Hukuman mati pada terpidana kasus terorisme selalu menjadi wacana yang diperdebatkan dalam berbagai
kesempatan di Indonesia. Pemerintah Indonesia telah menjalankan hukuman mati pada enam terpidana
terorisme mulai dari pembajakan pesawat Garuda Woyla oleh jaringan Komando Jihad hingga trio terpidana
mati kasus Bom Bali 1. Saat ini pemerintah menetapkan Aman Abdurrahman dalam masa tunggu sebelum
proses eksekusi mati dilaksanakan. Kebijakan ini selain mendatangkan berbagai perdebatan sayangnya juga
belum melibatkan kajian stratejik dan analisis dampak. Tujuan penelitian ini yang telah dirumuskan dalam
rumusan masalah ialah untuk membahas perspektifstratejik dan hak asasi manusia dalam penjatuhan hukuman
mati terpidana terorisme di Indonesia dan pertimbangan pengambilan keputusan penjatuhan hukuman mati
berdasarkan dua perspektif tersebut termasuk potensi tantangan yang ditimbulkan.

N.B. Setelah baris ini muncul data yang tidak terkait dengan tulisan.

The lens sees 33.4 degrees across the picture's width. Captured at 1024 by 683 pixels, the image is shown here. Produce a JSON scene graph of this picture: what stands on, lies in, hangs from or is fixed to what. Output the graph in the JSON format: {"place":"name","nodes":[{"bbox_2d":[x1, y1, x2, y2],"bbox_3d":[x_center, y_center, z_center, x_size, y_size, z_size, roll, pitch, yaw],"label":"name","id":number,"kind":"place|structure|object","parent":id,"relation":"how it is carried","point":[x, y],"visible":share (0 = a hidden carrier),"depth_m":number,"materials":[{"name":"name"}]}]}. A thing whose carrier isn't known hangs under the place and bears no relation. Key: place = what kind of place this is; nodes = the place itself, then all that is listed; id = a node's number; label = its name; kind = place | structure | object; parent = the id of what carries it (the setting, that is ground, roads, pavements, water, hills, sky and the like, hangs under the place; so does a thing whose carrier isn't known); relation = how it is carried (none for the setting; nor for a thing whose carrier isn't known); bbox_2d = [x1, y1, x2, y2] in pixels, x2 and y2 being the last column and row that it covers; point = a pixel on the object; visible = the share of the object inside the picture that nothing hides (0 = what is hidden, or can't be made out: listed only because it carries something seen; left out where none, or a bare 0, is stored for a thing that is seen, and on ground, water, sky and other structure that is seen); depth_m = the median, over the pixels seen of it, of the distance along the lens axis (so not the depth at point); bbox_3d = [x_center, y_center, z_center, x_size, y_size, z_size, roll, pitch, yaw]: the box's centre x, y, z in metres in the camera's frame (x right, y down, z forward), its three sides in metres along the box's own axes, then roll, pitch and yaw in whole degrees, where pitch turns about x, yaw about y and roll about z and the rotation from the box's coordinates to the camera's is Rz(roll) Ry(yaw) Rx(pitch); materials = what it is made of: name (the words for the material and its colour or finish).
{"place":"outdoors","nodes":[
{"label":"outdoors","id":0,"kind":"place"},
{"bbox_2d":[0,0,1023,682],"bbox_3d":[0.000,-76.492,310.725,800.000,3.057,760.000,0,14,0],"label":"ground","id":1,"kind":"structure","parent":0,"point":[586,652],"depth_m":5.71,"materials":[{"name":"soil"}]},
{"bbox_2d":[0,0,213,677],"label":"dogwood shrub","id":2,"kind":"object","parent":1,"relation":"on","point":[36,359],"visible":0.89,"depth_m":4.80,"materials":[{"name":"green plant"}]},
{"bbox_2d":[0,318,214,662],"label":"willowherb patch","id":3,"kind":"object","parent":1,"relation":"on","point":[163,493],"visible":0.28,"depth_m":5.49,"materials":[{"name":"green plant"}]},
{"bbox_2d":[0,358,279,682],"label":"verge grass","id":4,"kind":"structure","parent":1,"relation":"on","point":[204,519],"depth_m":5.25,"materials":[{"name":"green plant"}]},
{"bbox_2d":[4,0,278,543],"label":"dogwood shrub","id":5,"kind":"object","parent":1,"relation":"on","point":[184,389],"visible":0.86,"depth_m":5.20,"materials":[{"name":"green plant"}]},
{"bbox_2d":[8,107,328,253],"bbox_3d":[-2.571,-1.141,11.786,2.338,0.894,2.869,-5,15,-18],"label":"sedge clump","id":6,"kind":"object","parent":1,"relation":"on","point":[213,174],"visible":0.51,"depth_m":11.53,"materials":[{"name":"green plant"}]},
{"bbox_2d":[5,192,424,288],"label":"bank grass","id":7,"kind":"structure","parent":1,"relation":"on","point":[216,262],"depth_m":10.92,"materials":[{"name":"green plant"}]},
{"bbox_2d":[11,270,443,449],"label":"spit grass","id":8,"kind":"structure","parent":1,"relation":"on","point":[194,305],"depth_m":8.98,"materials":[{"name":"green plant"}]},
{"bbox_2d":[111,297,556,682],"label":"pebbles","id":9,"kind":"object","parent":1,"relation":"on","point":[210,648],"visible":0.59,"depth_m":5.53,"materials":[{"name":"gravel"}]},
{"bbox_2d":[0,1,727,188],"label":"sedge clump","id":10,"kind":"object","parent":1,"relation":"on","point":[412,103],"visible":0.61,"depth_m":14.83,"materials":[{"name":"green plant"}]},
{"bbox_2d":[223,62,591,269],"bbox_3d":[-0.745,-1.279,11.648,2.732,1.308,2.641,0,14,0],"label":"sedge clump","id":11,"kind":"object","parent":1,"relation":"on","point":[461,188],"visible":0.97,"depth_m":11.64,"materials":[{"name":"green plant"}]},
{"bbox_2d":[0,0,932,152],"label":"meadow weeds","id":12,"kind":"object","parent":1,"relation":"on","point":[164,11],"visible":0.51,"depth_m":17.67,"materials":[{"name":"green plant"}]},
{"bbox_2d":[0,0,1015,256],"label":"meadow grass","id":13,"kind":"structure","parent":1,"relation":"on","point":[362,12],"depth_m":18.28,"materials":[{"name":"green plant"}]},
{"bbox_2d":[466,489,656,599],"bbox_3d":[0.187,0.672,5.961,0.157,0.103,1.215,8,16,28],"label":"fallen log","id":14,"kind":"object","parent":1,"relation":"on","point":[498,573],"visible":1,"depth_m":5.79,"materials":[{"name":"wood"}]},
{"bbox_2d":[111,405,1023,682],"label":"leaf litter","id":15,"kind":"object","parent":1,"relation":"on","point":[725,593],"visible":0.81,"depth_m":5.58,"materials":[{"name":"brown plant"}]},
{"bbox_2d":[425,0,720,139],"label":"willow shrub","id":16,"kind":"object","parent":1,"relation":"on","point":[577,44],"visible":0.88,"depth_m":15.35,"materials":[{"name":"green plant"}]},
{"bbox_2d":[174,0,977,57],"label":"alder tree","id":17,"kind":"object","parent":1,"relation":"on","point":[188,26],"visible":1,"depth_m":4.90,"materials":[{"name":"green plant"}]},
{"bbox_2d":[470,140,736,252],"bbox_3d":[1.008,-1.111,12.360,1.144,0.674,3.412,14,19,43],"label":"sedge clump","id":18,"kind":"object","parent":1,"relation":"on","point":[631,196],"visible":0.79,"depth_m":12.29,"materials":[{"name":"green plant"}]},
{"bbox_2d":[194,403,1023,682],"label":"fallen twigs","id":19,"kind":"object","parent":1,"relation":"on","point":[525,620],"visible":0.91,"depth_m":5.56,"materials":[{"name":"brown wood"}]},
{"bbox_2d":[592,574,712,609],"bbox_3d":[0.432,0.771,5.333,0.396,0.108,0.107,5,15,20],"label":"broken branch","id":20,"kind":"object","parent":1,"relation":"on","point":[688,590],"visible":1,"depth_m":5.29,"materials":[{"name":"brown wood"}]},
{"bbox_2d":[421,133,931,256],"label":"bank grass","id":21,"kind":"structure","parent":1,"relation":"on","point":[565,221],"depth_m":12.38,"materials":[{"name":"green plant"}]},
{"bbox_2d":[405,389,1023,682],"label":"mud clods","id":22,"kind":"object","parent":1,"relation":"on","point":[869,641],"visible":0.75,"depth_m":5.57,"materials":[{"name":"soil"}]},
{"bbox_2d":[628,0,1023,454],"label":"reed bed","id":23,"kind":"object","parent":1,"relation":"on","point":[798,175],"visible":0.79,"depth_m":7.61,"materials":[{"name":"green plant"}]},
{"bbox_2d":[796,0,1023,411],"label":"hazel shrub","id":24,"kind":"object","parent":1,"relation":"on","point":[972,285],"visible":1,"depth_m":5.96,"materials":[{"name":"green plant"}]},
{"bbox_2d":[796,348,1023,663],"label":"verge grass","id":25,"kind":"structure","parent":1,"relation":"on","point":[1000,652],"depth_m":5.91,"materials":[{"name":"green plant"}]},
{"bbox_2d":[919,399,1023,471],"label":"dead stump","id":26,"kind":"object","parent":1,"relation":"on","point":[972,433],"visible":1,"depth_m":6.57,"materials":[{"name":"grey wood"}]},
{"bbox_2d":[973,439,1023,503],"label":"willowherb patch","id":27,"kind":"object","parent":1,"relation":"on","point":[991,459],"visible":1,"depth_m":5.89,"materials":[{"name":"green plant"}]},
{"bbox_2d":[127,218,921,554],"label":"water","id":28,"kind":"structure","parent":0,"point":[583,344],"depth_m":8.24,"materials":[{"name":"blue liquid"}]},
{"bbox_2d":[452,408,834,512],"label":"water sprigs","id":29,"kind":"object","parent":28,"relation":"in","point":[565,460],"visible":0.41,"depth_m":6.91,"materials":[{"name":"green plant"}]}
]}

Metode yang penulis
gunakan dalam penelitian ini adalah studi kepustakaan kritis dengan pendekatan multidisipliner. Kesimpulan
penelitian ini adalah terdapat potensi retaliasi sebagai tantangan stratejik pada kebijakan hukuman mati
terpidana terorisme, sekalipun potensi ancaman stratejik dan pemenuhan hak asasi manusia akan tetap ada
sekalipun kebijakan hukuman mati tidak dijatuhkan. Oleh sebab itu hasil penelitian ini memberi masukan
agar dilakukan pertimbangan yang komprehensif perlu dilakukan sebelum eksekusi mati terpidana terorisme
dilaksanakan mengingat potensi ancaman yang akan terus ada terlepas dari kebijakan hukuman mati ataupun
tidak menjatuhkan hukuman mati.
Kata kunci: hukuman mati; terpidana terorisme; hak asasi manusia; retaliasi.